In this lab you'll work through:
This lesson explores l4: semantic caching — examining the key principles, real-world applications, and implications for practitioners working in this domain.
Understanding this topic requires both theoretical grounding and practical awareness of how these concepts manifest in deployed systems. The frameworks covered in earlier lessons provide the foundation; this lesson connects them to implementation reality.
The transition from theory to practice reveals challenges that pure conceptual frameworks don't capture. Real-world deployment introduces constraints, trade-offs, and edge cases that demand nuanced judgment rather than rigid rule-following.

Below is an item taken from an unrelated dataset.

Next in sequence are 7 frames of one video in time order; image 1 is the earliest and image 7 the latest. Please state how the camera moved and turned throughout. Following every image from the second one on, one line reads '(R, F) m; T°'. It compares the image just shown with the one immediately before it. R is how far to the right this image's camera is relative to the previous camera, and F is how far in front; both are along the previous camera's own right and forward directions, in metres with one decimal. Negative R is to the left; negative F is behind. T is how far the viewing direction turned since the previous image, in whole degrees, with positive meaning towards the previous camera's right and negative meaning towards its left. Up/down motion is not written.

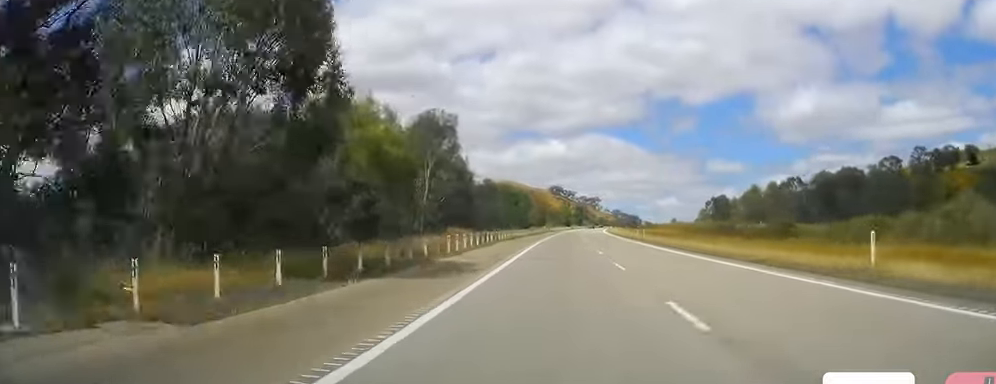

Effective practitioners in this space develop the ability to reason across multiple frameworks simultaneously, recognizing when different perspectives apply and how to resolve conflicts between competing priorities.
As this field continues to evolve, the principles covered in this module will remain foundational even as specific technologies and implementations change. The ability to think critically about these topics — rather than simply memorizing current best practices — is what separates effective practitioners from those who merely follow checklists.
Use the AI below to explore the concepts from Lesson 4 in depth. Ask questions, challenge assumptions, and work through practical scenarios related to l4: semantic caching.